O momento era bem diferente. O país fora “pacificado” por Fujimori – a golpes de tacape, bombas e muitos tiros de fuzil, é bem verdade. O terrorismo agonizava. Fujimori se preparava para disputar a re-reeleição, uma invenção bem ao estilo Fujimori.
Para se perpetrar no poder, ele fraudaria as eleições mais uma vez e usaria contra seus adversários todo o repertório sujo do serviço secreto – o temido SIN (Serviço de Inteligência Nacional), comandado pelo assassino e traficante (de armas e drogas) Vladimir Montesino.
Naquele ano, Fujimori foi re-reeleito – sob as bençãos do governo Fernando Henrique Cardoso, diga-se de passagem.

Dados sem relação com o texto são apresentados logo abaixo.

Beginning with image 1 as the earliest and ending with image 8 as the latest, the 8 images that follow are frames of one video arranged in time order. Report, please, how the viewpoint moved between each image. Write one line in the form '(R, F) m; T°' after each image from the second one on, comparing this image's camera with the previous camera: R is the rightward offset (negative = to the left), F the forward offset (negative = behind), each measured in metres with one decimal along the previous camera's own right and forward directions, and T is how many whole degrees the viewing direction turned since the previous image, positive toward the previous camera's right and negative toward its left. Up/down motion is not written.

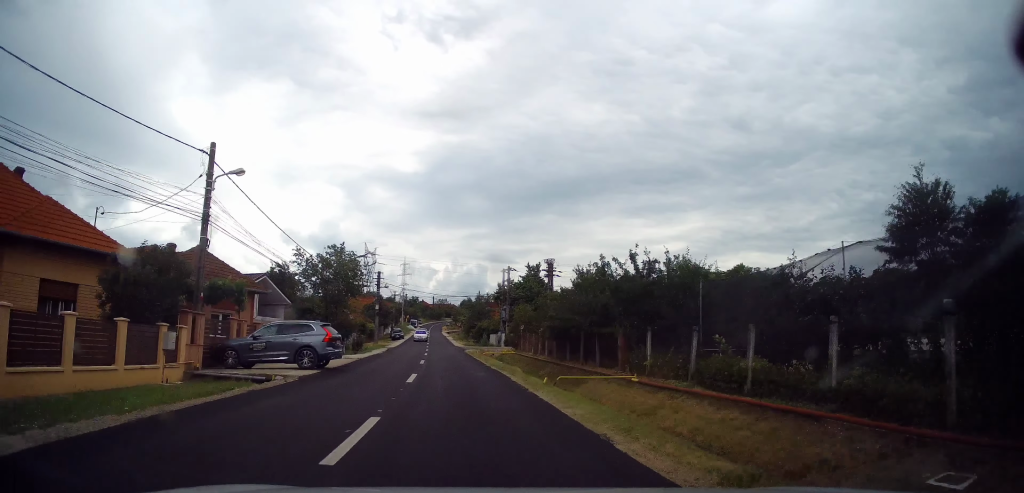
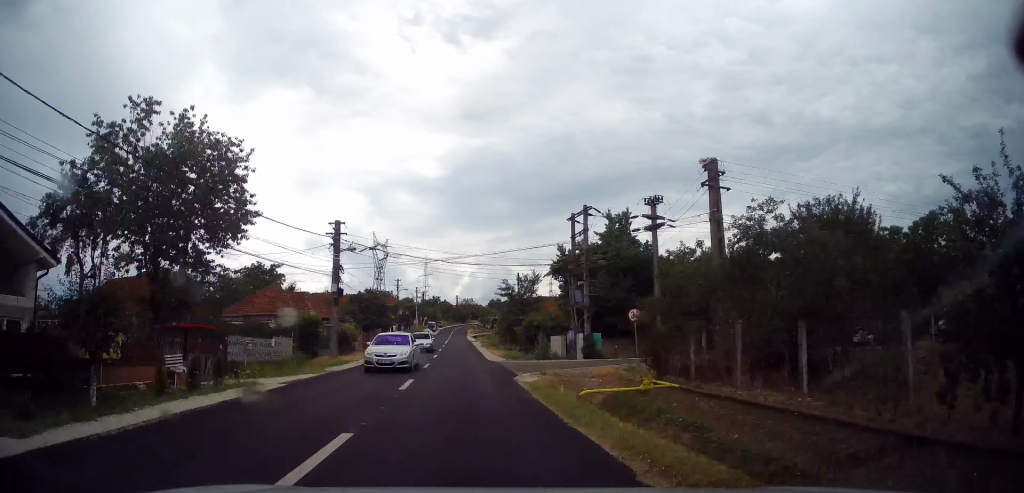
(-1.1, +28.0) m; -2°
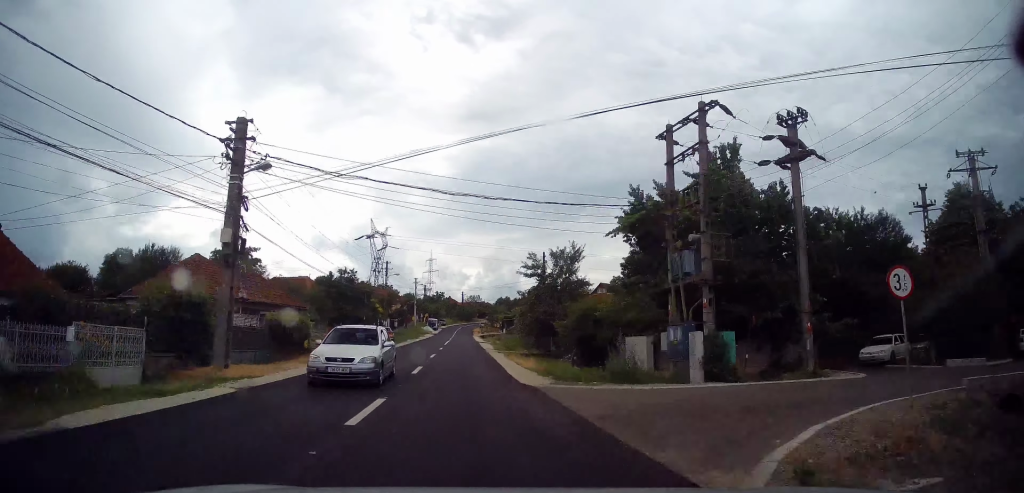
(0.0, +14.8) m; -1°
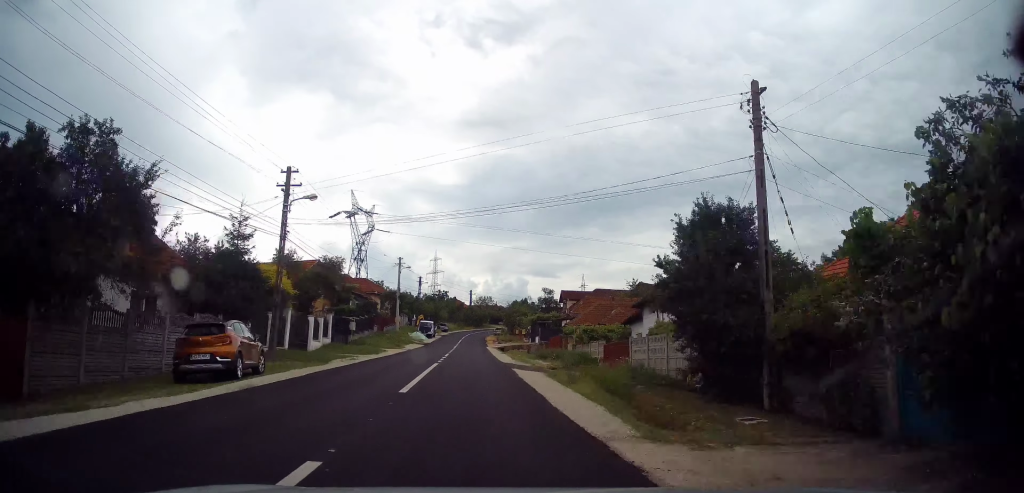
(-0.8, +33.2) m; -1°
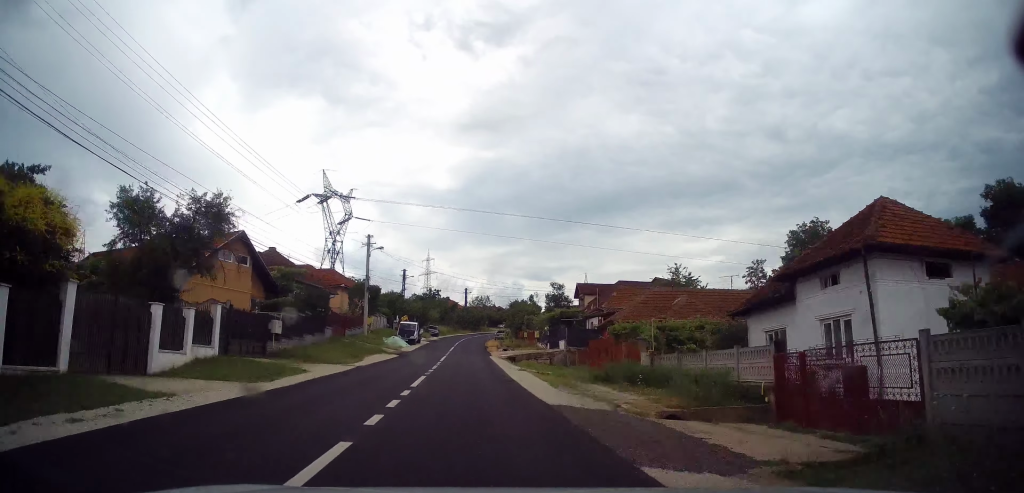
(+0.2, +16.7) m; +1°
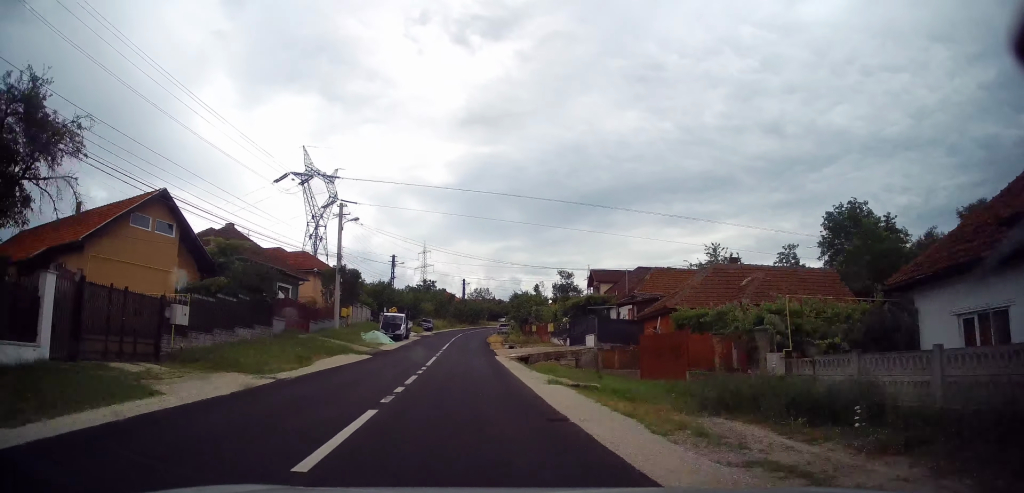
(+0.1, +9.4) m; 0°
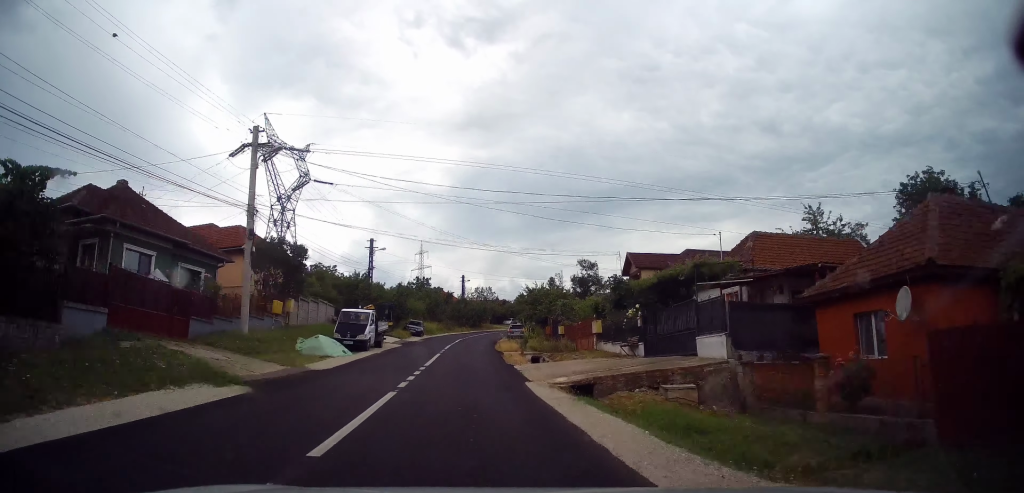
(+0.1, +14.8) m; 0°
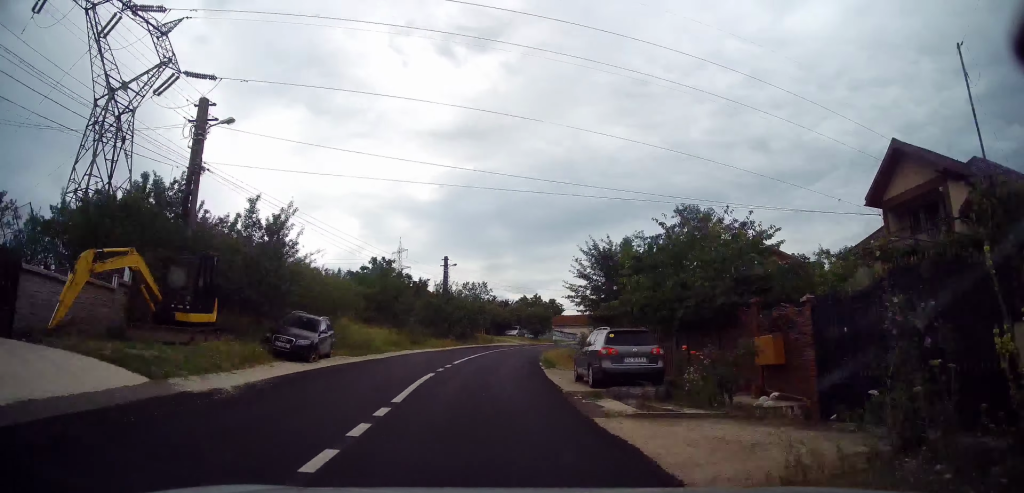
(-0.3, +33.2) m; +1°

Naquele ano também, em decorrência de uma série de escândalos, El Chino abandonou a Presidência e fugiu para o Japão.
Mas não falei ainda da minha viagem com Fujimori. Para minha surpresa e alegria, nosso destino era o interior de Ayacucho. Como mostra a foto abaixo, fazia muito frio e Fujimori usava um belo poncho. Eu, desprevenido, tremia o queixo.

O então presidente do Peru, Alberto Fujimori, e eu, no interior de Ayacucho, no ano 2000
Nossa comitiva viajou sob um pesado esquema de segurança. Mas, nesse quesito, o Peru do ano 2000 certamente era melhor que o de 1993. Salvo uma ou outra célula do Sendero Luminoso e do MRTA (Movimento Revolucionário Túpac Amaru), a região de Ayacucho, bem como todo o país, estava praticamente livre do terrorismo. Los desplazados já viviam em suas casas e não precisam mais plantar sob a vigilância de soldados.
Fujimori foi bom para o Peru.
Fujimori foi péssimo para o Peru.
Foi isso que o eu vi.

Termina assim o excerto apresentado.